Telomeres are DNA repeats found at the ends of chromosomes. They serve to maintain chromosomal stability. The caveat is that they shorten each time the cell divides due the end replication problem.
That is, unless the cell expresses telomerase. Telomerase is a ribonucleoprotein complex (a complex containing protein and RNA) that can add back telomeric repeats.
So what happens if telomerase isn’t expressed? Well, after ~50 divisions the shortened telomeres induce a cellular state known as replicative senescence. Basically, the cell stops dividing.
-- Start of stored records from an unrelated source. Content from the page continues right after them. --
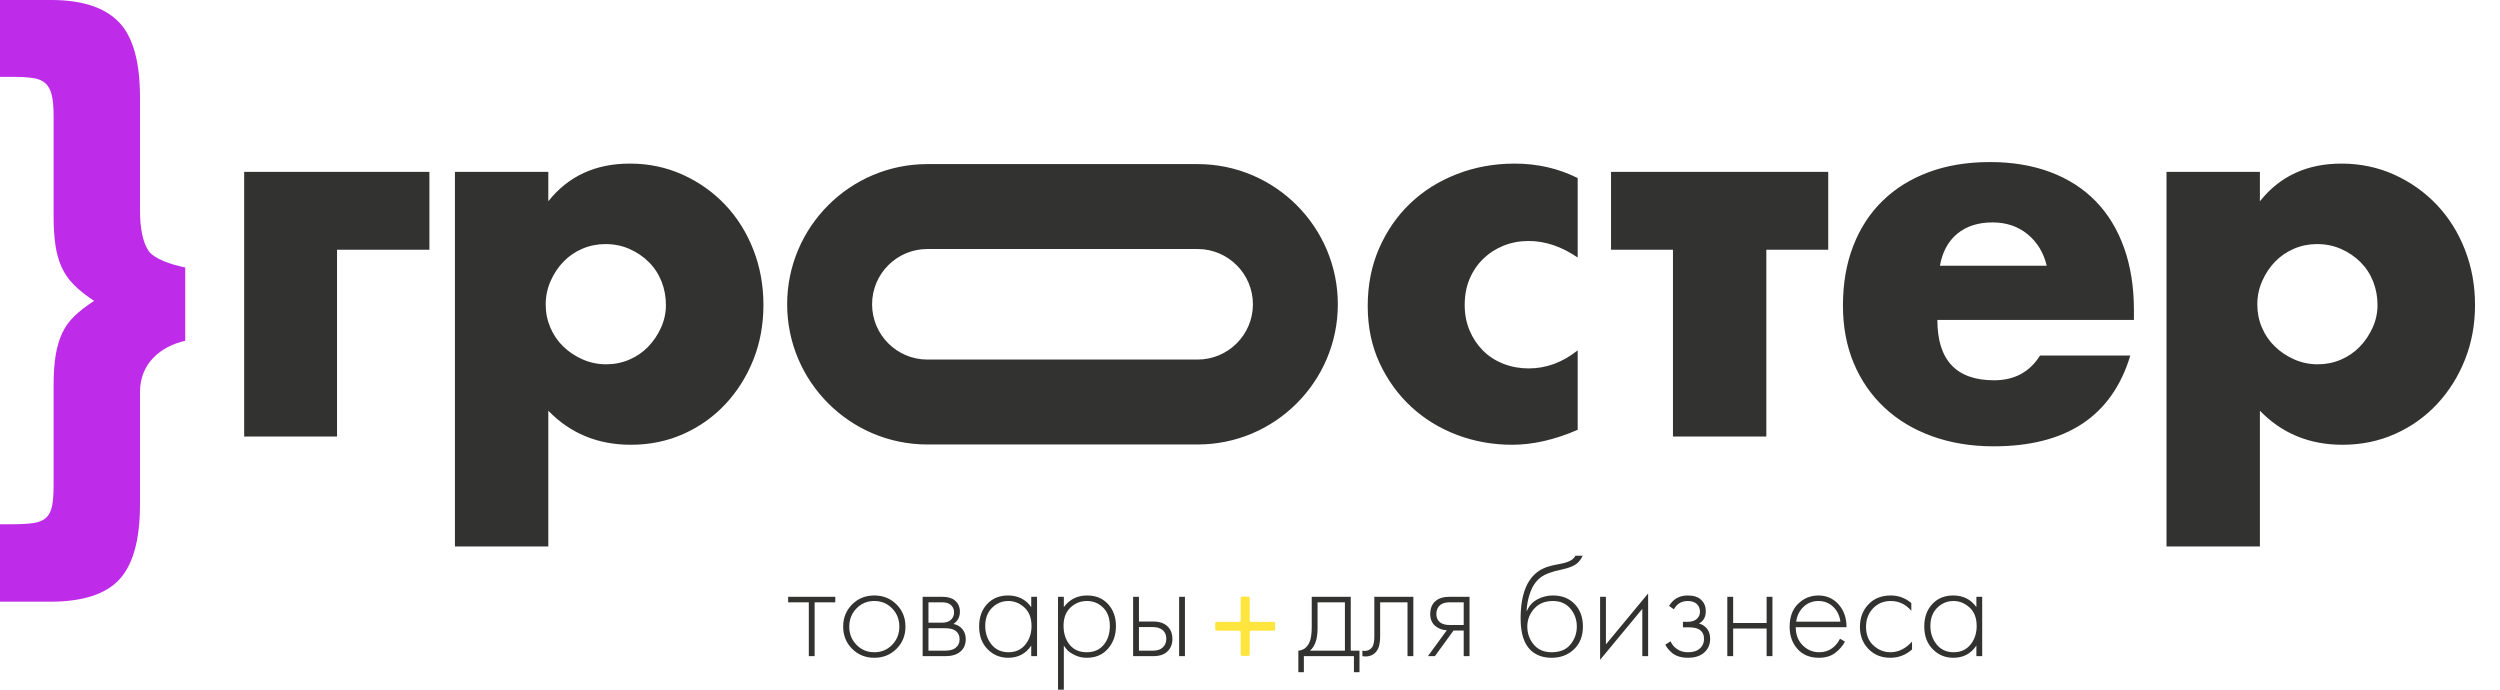 <svg viewBox="0 0 174 48" fill="none" xmlns="http://www.w3.org/2000/svg">
  <g>
    <path d="M83.355 11.421H64.543C59.162 11.421 54.786 15.798 54.786 21.179C54.786 26.558 59.162 30.936 64.543 30.936H83.355C88.736 30.936 93.113 26.558 93.113 21.179C93.113 15.798 88.736 11.421 83.355 11.421ZM64.543 17.331H83.355C85.476 17.331 87.203 19.058 87.203 21.179C87.203 23.299 85.476 25.025 83.355 25.025H64.543C62.422 25.025 60.697 23.299 60.697 21.179C60.697 19.058 62.422 17.331 64.543 17.331ZM157.289 38.032H150.789V11.961H157.289V14.008C158.677 12.262 160.569 11.386 162.963 11.386C164.279 11.386 165.505 11.644 166.643 12.159C167.779 12.674 168.767 13.374 169.605 14.259C170.443 15.144 171.095 16.186 171.561 17.383C172.028 18.581 172.262 19.861 172.262 21.225C172.262 22.589 172.028 23.859 171.561 25.032C171.095 26.205 170.449 27.234 169.623 28.119C168.798 29.005 167.821 29.7 166.697 30.202C165.571 30.704 164.35 30.956 163.034 30.956C160.736 30.956 158.82 30.166 157.289 28.586V38.032ZM165.475 21.225C165.475 20.651 165.373 20.107 165.171 19.591C164.967 19.077 164.673 18.628 164.291 18.245C163.908 17.863 163.459 17.557 162.945 17.33C162.429 17.102 161.873 16.988 161.275 16.988C160.701 16.988 160.161 17.096 159.659 17.311C159.156 17.527 158.718 17.826 158.349 18.209C157.977 18.592 157.678 19.041 157.451 19.556C157.223 20.071 157.109 20.614 157.109 21.19C157.109 21.763 157.217 22.303 157.433 22.805C157.648 23.308 157.947 23.745 158.331 24.115C158.713 24.487 159.162 24.787 159.676 25.014C160.191 25.241 160.736 25.355 161.311 25.355C161.885 25.355 162.424 25.247 162.927 25.032C163.429 24.817 163.865 24.517 164.237 24.134C164.608 23.752 164.906 23.308 165.135 22.805C165.362 22.303 165.475 21.776 165.475 21.225ZM134.841 22.267C134.841 25.067 136.157 26.468 138.791 26.468C140.202 26.468 141.269 25.893 141.986 24.744H148.27C147 28.958 143.829 31.064 138.755 31.064C137.198 31.064 135.774 30.83 134.481 30.364C133.188 29.897 132.08 29.233 131.16 28.371C130.238 27.509 129.526 26.481 129.024 25.283C128.521 24.087 128.269 22.746 128.269 21.262C128.269 19.73 128.508 18.347 128.988 17.114C129.465 15.881 130.149 14.834 131.034 13.973C131.92 13.11 132.991 12.446 134.247 11.98C135.505 11.512 136.923 11.279 138.502 11.279C140.059 11.279 141.46 11.512 142.704 11.98C143.948 12.446 145.002 13.123 145.864 14.008C146.726 14.894 147.383 15.977 147.838 17.257C148.293 18.538 148.521 19.981 148.521 21.585V22.267H134.841ZM142.452 18.497C142.237 17.587 141.794 16.857 141.124 16.306C140.454 15.756 139.639 15.48 138.682 15.48C137.677 15.48 136.857 15.744 136.222 16.27C135.589 16.798 135.187 17.539 135.02 18.497H142.452ZM127.245 17.383H122.937V30.382H116.438V17.383H112.128V11.961H127.245V17.383ZM109.807 17.923C108.681 17.155 107.545 16.773 106.395 16.773C105.774 16.773 105.193 16.881 104.654 17.096C104.116 17.311 103.643 17.617 103.235 18.011C102.829 18.407 102.511 18.874 102.284 19.413C102.056 19.951 101.943 20.556 101.943 21.225C101.943 21.872 102.056 22.464 102.284 23.003C102.511 23.541 102.823 24.008 103.219 24.404C103.613 24.799 104.085 25.103 104.636 25.319C105.188 25.534 105.774 25.642 106.395 25.642C107.616 25.642 108.754 25.224 109.807 24.385V29.915C108.203 30.609 106.683 30.956 105.247 30.956C103.906 30.956 102.631 30.729 101.423 30.274C100.214 29.819 99.148 29.167 98.227 28.318C97.306 27.468 96.569 26.45 96.018 25.265C95.468 24.081 95.193 22.757 95.193 21.297C95.193 19.837 95.456 18.502 95.983 17.293C96.51 16.085 97.227 15.043 98.137 14.17C99.046 13.296 100.13 12.614 101.386 12.123C102.644 11.632 103.99 11.386 105.426 11.386C107.006 11.386 108.466 11.723 109.807 12.392V17.923ZM38.162 38.032H31.663V11.961H38.162V14.008C39.549 12.262 41.441 11.386 43.835 11.386C45.151 11.386 46.378 11.644 47.516 12.159C48.652 12.674 49.64 13.374 50.478 14.259C51.315 15.144 51.968 16.186 52.435 17.383C52.902 18.581 53.135 19.861 53.135 21.225C53.135 22.589 52.902 23.859 52.435 25.032C51.968 26.205 51.322 27.234 50.496 28.119C49.67 29.005 48.694 29.7 47.57 30.202C46.444 30.704 45.223 30.956 43.907 30.956C41.609 30.956 39.693 30.166 38.162 28.586V38.032ZM46.348 21.225C46.348 20.651 46.247 20.107 46.044 19.591C45.839 19.077 45.546 18.628 45.163 18.245C44.781 17.863 44.331 17.557 43.817 17.33C43.303 17.102 42.746 16.988 42.147 16.988C41.574 16.988 41.035 17.096 40.532 17.311C40.029 17.527 39.592 17.826 39.222 18.209C38.85 18.592 38.55 19.041 38.324 19.556C38.096 20.071 37.981 20.614 37.981 21.19C37.981 21.763 38.091 22.303 38.306 22.805C38.521 23.308 38.821 23.745 39.203 24.115C39.585 24.487 40.035 24.787 40.55 25.014C41.064 25.241 41.609 25.355 42.183 25.355C42.758 25.355 43.296 25.247 43.799 25.032C44.302 24.817 44.739 24.517 45.11 24.134C45.48 23.752 45.78 23.308 46.007 22.805C46.235 22.303 46.348 21.776 46.348 21.225ZM16.994 30.382V11.961H29.887V17.383H23.457V30.382H16.994Z" fill="#323231"/>
    <path d="M6.551 20.939C5.997 20.58 5.534 20.214 5.161 19.84C4.788 19.468 4.498 19.053 4.291 18.597C4.083 18.141 3.938 17.622 3.855 17.042C3.772 16.461 3.731 15.784 3.731 15.01V8.045C3.731 7.464 3.689 6.994 3.606 6.635C3.523 6.275 3.378 5.999 3.171 5.805C2.964 5.612 2.674 5.488 2.3 5.432C1.927 5.377 1.45 5.349 0.87 5.349H-0V0H3.565C5.693 0 7.255 0.505 8.25 1.514C9.245 2.523 9.743 4.271 9.743 6.759V14.595C9.743 15.895 9.936 16.842 10.324 17.436C10.71 18.031 11.952 18.424 12.892 18.617V23.718C11.178 24.105 9.743 25.293 9.743 27.283V35.12C9.743 37.552 9.266 39.287 8.313 40.324C7.359 41.36 5.748 41.878 3.482 41.878H-0V36.488H0.828C1.436 36.488 1.933 36.46 2.321 36.406C2.707 36.35 3.005 36.225 3.212 36.032C3.42 35.839 3.558 35.562 3.628 35.203C3.696 34.844 3.731 34.374 3.731 33.793V26.827C3.731 25.998 3.779 25.293 3.876 24.713C3.972 24.132 4.125 23.621 4.332 23.178C4.54 22.736 4.823 22.343 5.182 21.997C5.541 21.652 5.997 21.299 6.551 20.939Z" fill="#BE2BE9"/>
    <path d="M86.35 45.546V44C86.35 43.942 86.302 43.895 86.244 43.895H84.683C84.625 43.895 84.578 43.847 84.578 43.789V43.386C84.578 43.328 84.625 43.28 84.683 43.28H86.244C86.302 43.28 86.35 43.233 86.35 43.175V41.629C86.35 41.571 86.397 41.523 86.455 41.523H86.874C86.933 41.523 86.98 41.571 86.98 41.629V43.175C86.98 43.233 87.027 43.28 87.085 43.28H88.646C88.705 43.28 88.752 43.328 88.752 43.386V43.789C88.752 43.847 88.705 43.895 88.646 43.895H87.085C87.027 43.895 86.98 43.942 86.98 44V45.546C86.98 45.604 86.933 45.652 86.874 45.652H86.455C86.397 45.652 86.35 45.604 86.35 45.546Z" fill="#FFE53D"/>
    <path d="M56.293 45.669V41.921H54.854V41.536H58.137V41.921H56.698V45.669H56.293ZM59.307 42.068C59.722 41.652 60.237 41.445 60.852 41.445C61.467 41.445 61.982 41.652 62.397 42.068C62.813 42.483 63.02 42.998 63.02 43.613C63.02 44.228 62.813 44.742 62.397 45.158C61.982 45.573 61.467 45.781 60.852 45.781C60.237 45.781 59.722 45.573 59.307 45.158C58.892 44.742 58.684 44.228 58.684 43.613C58.684 42.998 58.892 42.483 59.307 42.068ZM59.611 44.879C59.945 45.224 60.359 45.396 60.852 45.396C61.345 45.396 61.759 45.224 62.093 44.879C62.428 44.535 62.595 44.113 62.595 43.613C62.595 43.113 62.428 42.691 62.093 42.346C61.759 42.002 61.345 41.83 60.852 41.83C60.359 41.83 59.945 42.002 59.611 42.346C59.277 42.691 59.109 43.113 59.109 43.613C59.109 44.113 59.277 44.535 59.611 44.879ZM64.216 41.536H65.563C65.948 41.536 66.242 41.617 66.445 41.779C66.688 41.975 66.809 42.238 66.809 42.569C66.809 42.948 66.657 43.234 66.353 43.431C66.543 43.458 66.711 43.535 66.86 43.663C67.096 43.873 67.215 44.15 67.215 44.494C67.215 44.879 67.076 45.176 66.799 45.386C66.556 45.575 66.218 45.669 65.786 45.669H64.216V41.536ZM64.621 43.339H65.563C65.813 43.339 66.009 43.282 66.151 43.167C66.32 43.032 66.404 42.85 66.404 42.62C66.404 42.397 66.32 42.218 66.151 42.083C66.016 41.975 65.82 41.921 65.563 41.921H64.621V43.339ZM64.621 45.285H65.786C66.097 45.285 66.333 45.224 66.495 45.102C66.691 44.953 66.789 44.748 66.789 44.484C66.789 44.241 66.698 44.048 66.516 43.907C66.353 43.785 66.11 43.724 65.786 43.724H64.621V45.285ZM71.774 42.255V41.536H72.179V45.669H71.774V44.93C71.402 45.497 70.865 45.781 70.163 45.781C69.602 45.781 69.126 45.582 68.734 45.183C68.343 44.785 68.147 44.258 68.147 43.603C68.147 42.961 68.332 42.441 68.704 42.043C69.075 41.644 69.561 41.445 70.163 41.445C70.852 41.445 71.389 41.715 71.774 42.255ZM70.183 41.83C69.744 41.83 69.366 41.987 69.048 42.301C68.731 42.615 68.572 43.039 68.572 43.572C68.572 44.065 68.717 44.493 69.008 44.854C69.298 45.215 69.693 45.396 70.193 45.396C70.686 45.396 71.076 45.219 71.363 44.864C71.65 44.51 71.794 44.079 71.794 43.572C71.794 43.012 71.628 42.581 71.297 42.281C70.967 41.98 70.595 41.83 70.183 41.83ZM74.043 44.93V48H73.638V41.536H74.043V42.255C74.441 41.715 74.982 41.445 75.664 41.445C76.272 41.445 76.758 41.646 77.123 42.047C77.488 42.449 77.67 42.958 77.67 43.572C77.67 44.2 77.486 44.726 77.118 45.148C76.75 45.57 76.258 45.781 75.644 45.781C75.333 45.781 75.053 45.719 74.803 45.593C74.553 45.469 74.381 45.354 74.286 45.249C74.192 45.144 74.111 45.038 74.043 44.93ZM74.448 44.874C74.732 45.222 75.127 45.396 75.633 45.396C76.14 45.396 76.535 45.224 76.819 44.879C77.103 44.535 77.245 44.099 77.245 43.572C77.245 43.025 77.089 42.598 76.778 42.291C76.468 41.983 76.089 41.83 75.644 41.83C75.205 41.83 74.825 41.982 74.504 42.286C74.183 42.59 74.023 43.012 74.023 43.552C74.023 44.086 74.165 44.526 74.448 44.874ZM78.865 41.536H79.271V43.258H80.254C80.726 43.258 81.078 43.387 81.307 43.643C81.503 43.859 81.601 44.133 81.601 44.464C81.601 44.835 81.48 45.133 81.236 45.355C81.013 45.565 80.683 45.669 80.243 45.669H78.865V41.536ZM79.271 45.285H80.243C80.527 45.285 80.743 45.22 80.892 45.092C81.081 44.937 81.175 44.727 81.175 44.464C81.175 44.187 81.078 43.974 80.882 43.826C80.72 43.704 80.5 43.643 80.223 43.643H79.271V45.285ZM82.067 41.536H82.472V45.669H82.067V41.536ZM91.297 41.536H94.012V45.285H94.62V46.784H94.234V45.669H90.749V46.784H90.365V45.285C90.702 45.264 90.955 45.082 91.124 44.737C91.239 44.501 91.297 44.129 91.297 43.623V41.536ZM93.606 45.285V41.921H91.702V43.745C91.702 44.474 91.526 44.987 91.175 45.285H93.606ZM98.368 41.536V45.669H97.963V41.921H96.058V44.312C96.058 44.764 95.977 45.099 95.815 45.315C95.633 45.565 95.369 45.69 95.025 45.69C94.984 45.69 94.917 45.683 94.822 45.669V45.285C94.89 45.298 94.94 45.305 94.974 45.305C95.204 45.305 95.383 45.214 95.511 45.031C95.606 44.883 95.653 44.643 95.653 44.312V41.536H98.368ZM99.381 45.669L100.699 43.866C100.381 43.853 100.111 43.751 99.888 43.562C99.658 43.36 99.543 43.086 99.543 42.742C99.543 42.343 99.669 42.039 99.918 41.83C100.141 41.634 100.469 41.536 100.901 41.536H102.279V45.669H101.874V43.886H101.165L99.868 45.669H99.381ZM101.874 43.501V41.921H100.901C100.617 41.921 100.398 41.982 100.243 42.103C100.06 42.259 99.969 42.468 99.969 42.731C99.969 42.988 100.057 43.184 100.232 43.319C100.394 43.441 100.617 43.501 100.901 43.501H101.874ZM106.25 42.519H106.271C106.426 42.161 106.671 41.892 107.005 41.713C107.34 41.534 107.699 41.445 108.084 41.445C108.712 41.445 109.217 41.644 109.599 42.043C109.98 42.441 110.171 42.961 110.171 43.603C110.171 44.265 109.965 44.793 109.553 45.188C109.141 45.583 108.621 45.781 107.993 45.781C107.398 45.781 106.916 45.609 106.544 45.264C106.071 44.819 105.835 44.082 105.835 43.056C105.835 41.394 106.267 40.283 107.132 39.722C107.213 39.668 107.301 39.619 107.395 39.575C107.49 39.532 107.572 39.496 107.643 39.469C107.714 39.442 107.81 39.413 107.932 39.383C108.054 39.353 108.141 39.332 108.195 39.322C108.249 39.312 108.346 39.294 108.484 39.267C108.623 39.24 108.705 39.222 108.733 39.216C109.232 39.108 109.536 38.929 109.644 38.679H110.151C110.077 38.848 109.984 38.991 109.872 39.109C109.761 39.228 109.626 39.322 109.467 39.393C109.308 39.464 109.177 39.515 109.072 39.545C108.967 39.575 108.827 39.611 108.651 39.651C107.983 39.787 107.5 39.972 107.203 40.209C106.892 40.459 106.661 40.796 106.509 41.222C106.357 41.648 106.271 42.08 106.25 42.519ZM107.993 45.396C108.574 45.396 109.011 45.215 109.305 44.854C109.599 44.493 109.746 44.075 109.746 43.603C109.746 43.13 109.597 42.716 109.3 42.362C109.003 42.007 108.597 41.83 108.084 41.83C107.53 41.83 107.095 42.009 106.777 42.367C106.46 42.725 106.301 43.137 106.301 43.603C106.301 44.055 106.433 44.454 106.696 44.798C107 45.197 107.432 45.396 107.993 45.396ZM111.367 41.536H111.772V44.849L114.71 41.303V45.669H114.305V42.377L111.367 45.923V41.536ZM116.503 42.407L116.169 42.174C116.453 41.688 116.888 41.445 117.476 41.445C117.874 41.445 118.178 41.543 118.388 41.739C118.611 41.934 118.722 42.201 118.722 42.539C118.722 42.944 118.563 43.231 118.246 43.4C118.428 43.441 118.59 43.532 118.732 43.673C118.928 43.87 119.026 44.133 119.026 44.464C119.026 44.889 118.864 45.227 118.54 45.477C118.27 45.68 117.918 45.781 117.486 45.781C117.04 45.781 116.679 45.676 116.402 45.467C116.179 45.285 116.014 45.085 115.906 44.869L116.27 44.636C116.372 44.859 116.517 45.035 116.706 45.163C116.915 45.318 117.175 45.396 117.486 45.396C117.83 45.396 118.094 45.318 118.276 45.163C118.492 44.987 118.601 44.751 118.601 44.454C118.601 44.19 118.506 43.988 118.317 43.846C118.155 43.724 117.901 43.663 117.557 43.663H117.132V43.279H117.445C117.709 43.279 117.915 43.221 118.063 43.106C118.232 42.971 118.317 42.796 118.317 42.579C118.317 42.364 118.246 42.184 118.104 42.043C117.949 41.901 117.736 41.83 117.466 41.83C117.034 41.83 116.713 42.022 116.503 42.407ZM120.221 45.669V41.536H120.627V43.36H122.957V41.536H123.362V45.669H122.957V43.745H120.627V45.669H120.221ZM128.519 43.653H124.983C124.983 44.167 125.144 44.586 125.464 44.91C125.785 45.234 126.172 45.396 126.624 45.396C126.949 45.396 127.236 45.31 127.486 45.138C127.736 44.965 127.928 44.737 128.063 44.454L128.408 44.656C128.252 44.953 128.026 45.215 127.729 45.442C127.432 45.668 127.053 45.781 126.594 45.781C125.966 45.781 125.469 45.577 125.105 45.168C124.74 44.759 124.558 44.244 124.558 43.623C124.558 42.941 124.755 42.407 125.15 42.022C125.545 41.637 126.017 41.445 126.564 41.445C127.124 41.445 127.59 41.651 127.962 42.063C128.333 42.475 128.519 43.005 128.519 43.653ZM125.013 43.269H128.093C128.039 42.85 127.872 42.505 127.592 42.235C127.312 41.965 126.969 41.83 126.564 41.83C126.152 41.83 125.804 41.967 125.52 42.24C125.237 42.514 125.068 42.856 125.013 43.269ZM133.027 41.971V42.509C132.636 42.056 132.159 41.83 131.599 41.83C131.099 41.83 130.687 42 130.363 42.341C130.039 42.683 129.876 43.11 129.876 43.623C129.876 44.177 130.049 44.611 130.393 44.925C130.738 45.239 131.133 45.396 131.579 45.396C132.126 45.396 132.626 45.15 133.078 44.656V45.203C132.646 45.589 132.143 45.781 131.568 45.781C130.947 45.781 130.439 45.577 130.044 45.168C129.649 44.759 129.451 44.248 129.451 43.633C129.451 43.005 129.647 42.483 130.039 42.068C130.43 41.652 130.951 41.445 131.599 41.445C132.133 41.445 132.609 41.62 133.027 41.971ZM137.556 42.255V41.536H137.961V45.669H137.556V44.93C137.185 45.497 136.648 45.781 135.945 45.781C135.385 45.781 134.908 45.582 134.517 45.183C134.125 44.785 133.929 44.258 133.929 43.603C133.929 42.961 134.115 42.441 134.486 42.043C134.858 41.644 135.344 41.445 135.945 41.445C136.634 41.445 137.171 41.715 137.556 42.255ZM135.965 41.83C135.526 41.83 135.148 41.987 134.831 42.301C134.513 42.615 134.355 43.039 134.355 43.572C134.355 44.065 134.5 44.493 134.79 44.854C135.081 45.215 135.476 45.396 135.975 45.396C136.468 45.396 136.859 45.219 137.146 44.864C137.433 44.51 137.576 44.079 137.576 43.572C137.576 43.012 137.411 42.581 137.08 42.281C136.749 41.98 136.377 41.83 135.965 41.83Z" fill="#323231"/>
  </g>
</svg>

This is thought to be beneficial since it acts as a tumour protective mechanism by preventing uncontrolled cells from replicating too many times. However, it can also reduce the regenerative potential of tissues.
Senescent cells accumulate with age. Moreover, a weak negative correlation is also seen between age and telomere length.
For these reasons there is much interest in using telomere restoration strategies to target aging and for treatments people suffering with telomeropathies. But how would this be achieved and would it pose a cancer risk?
In this video we will address these questions and provide the details of why telomeres shorten with age and how the length could be restored.
Intrigued by the exciting and developing senotherapeutics field? Our market intelligence report on senotherapeutics (which target senescence) is now available – order your copy here and watch out for more senotherapeutics-related articles coming soon.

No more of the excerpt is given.